Directions for this task:
Below are the records; print exactly the lines from the one with "Image occurs 4.6 s after image 1." through the last, both included, and leave the pictures out.

Saved entries
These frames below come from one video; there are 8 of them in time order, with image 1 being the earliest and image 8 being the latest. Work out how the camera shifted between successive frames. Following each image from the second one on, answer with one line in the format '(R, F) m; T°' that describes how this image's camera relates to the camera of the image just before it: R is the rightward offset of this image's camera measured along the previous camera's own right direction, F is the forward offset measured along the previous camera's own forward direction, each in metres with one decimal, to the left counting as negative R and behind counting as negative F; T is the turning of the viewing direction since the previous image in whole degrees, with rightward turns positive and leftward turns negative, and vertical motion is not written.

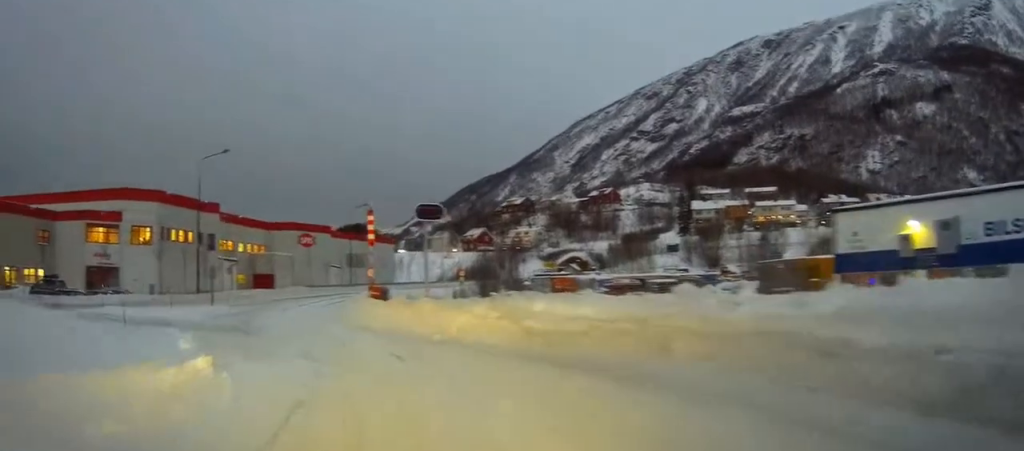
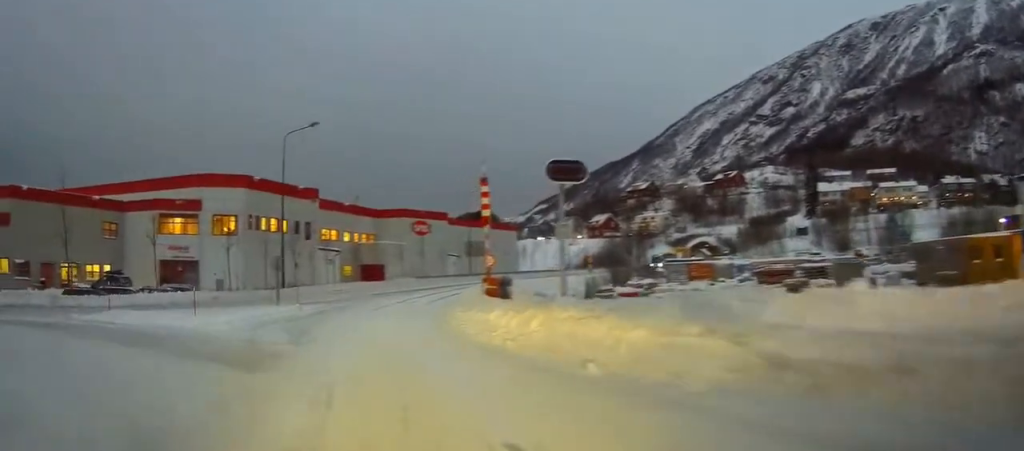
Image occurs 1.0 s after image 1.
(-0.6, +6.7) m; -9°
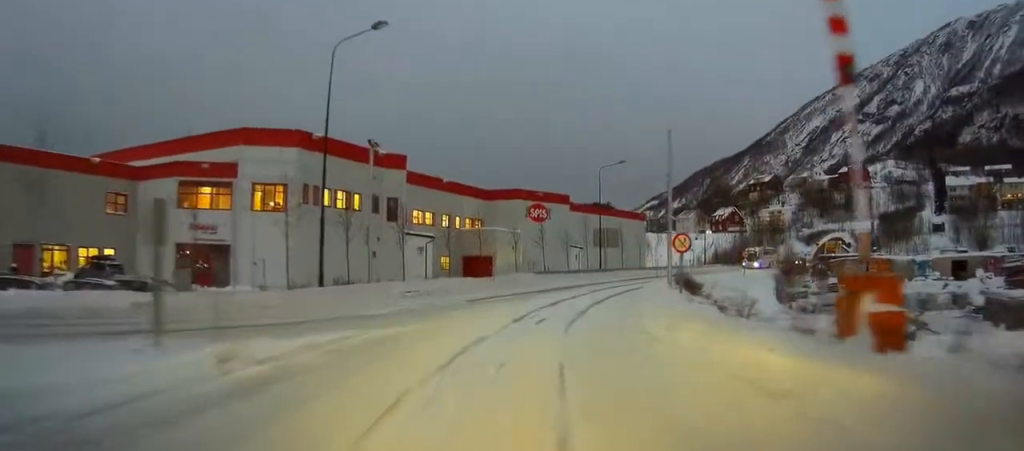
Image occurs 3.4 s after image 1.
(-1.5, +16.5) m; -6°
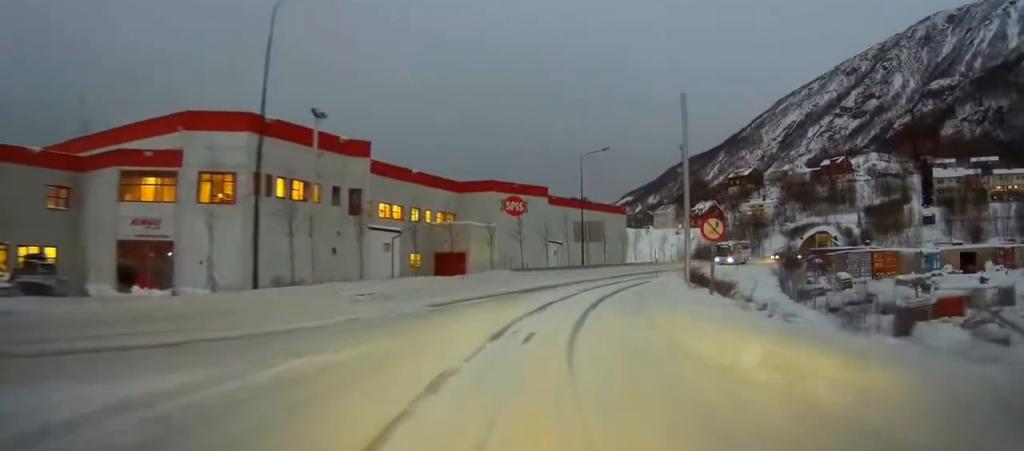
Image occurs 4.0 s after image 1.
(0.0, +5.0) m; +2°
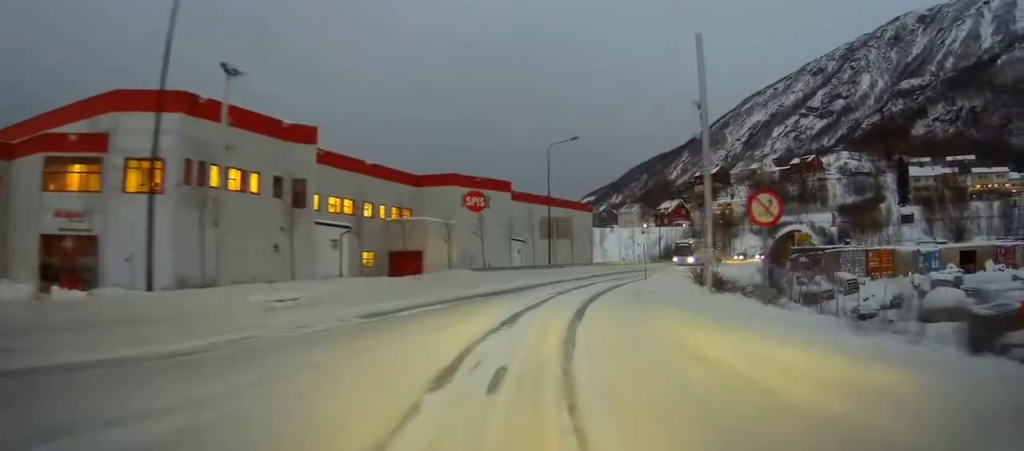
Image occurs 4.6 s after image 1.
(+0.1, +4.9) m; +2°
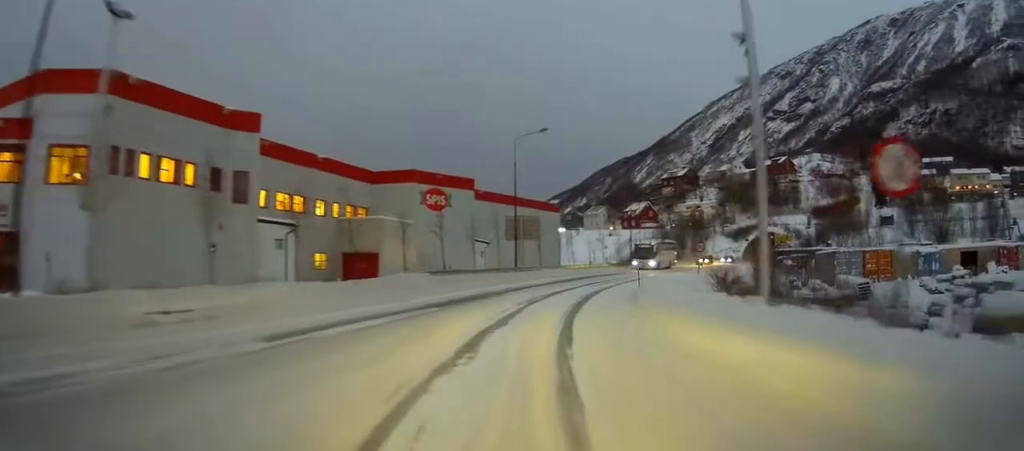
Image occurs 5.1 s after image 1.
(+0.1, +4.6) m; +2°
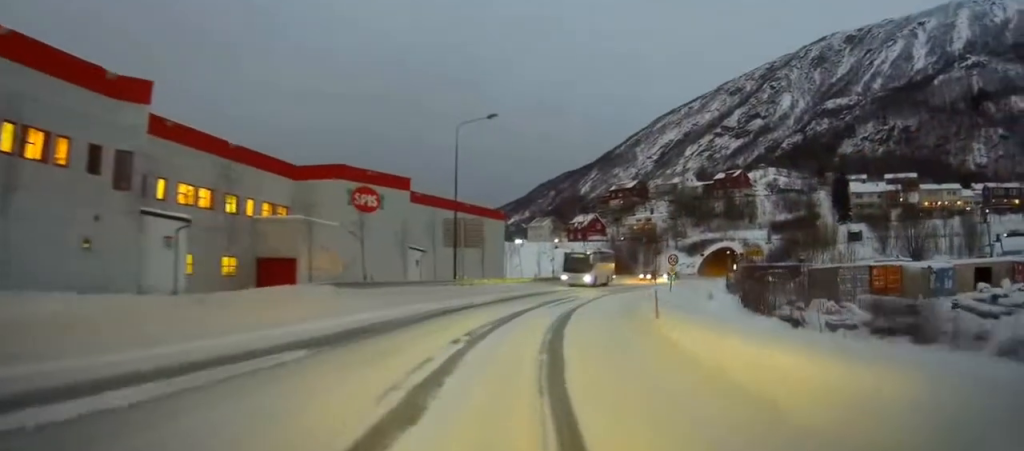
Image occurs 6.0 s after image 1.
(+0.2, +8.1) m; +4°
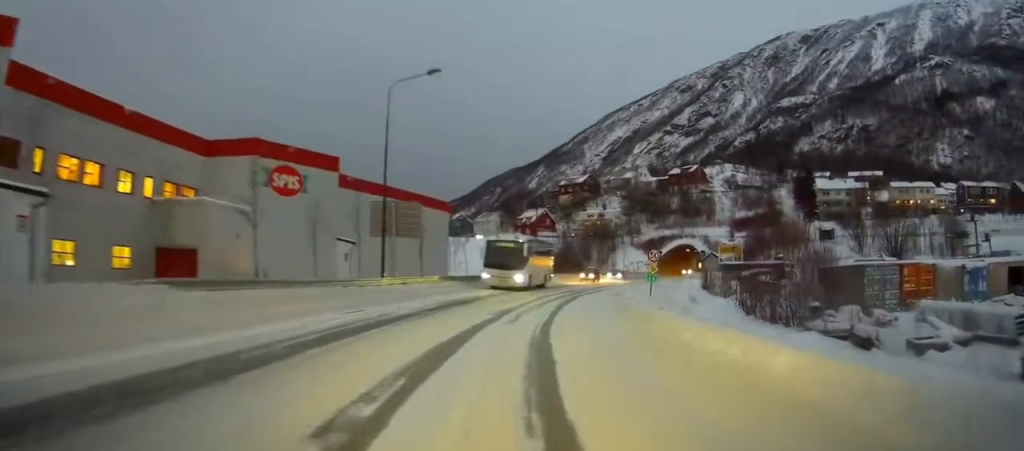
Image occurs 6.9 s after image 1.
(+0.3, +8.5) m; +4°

Task solution:
Image occurs 4.6 s after image 1.
(+0.1, +4.9) m; +2°
Image occurs 5.1 s after image 1.
(+0.1, +4.6) m; +2°
Image occurs 6.0 s after image 1.
(+0.2, +8.1) m; +4°
Image occurs 6.9 s after image 1.
(+0.3, +8.5) m; +4°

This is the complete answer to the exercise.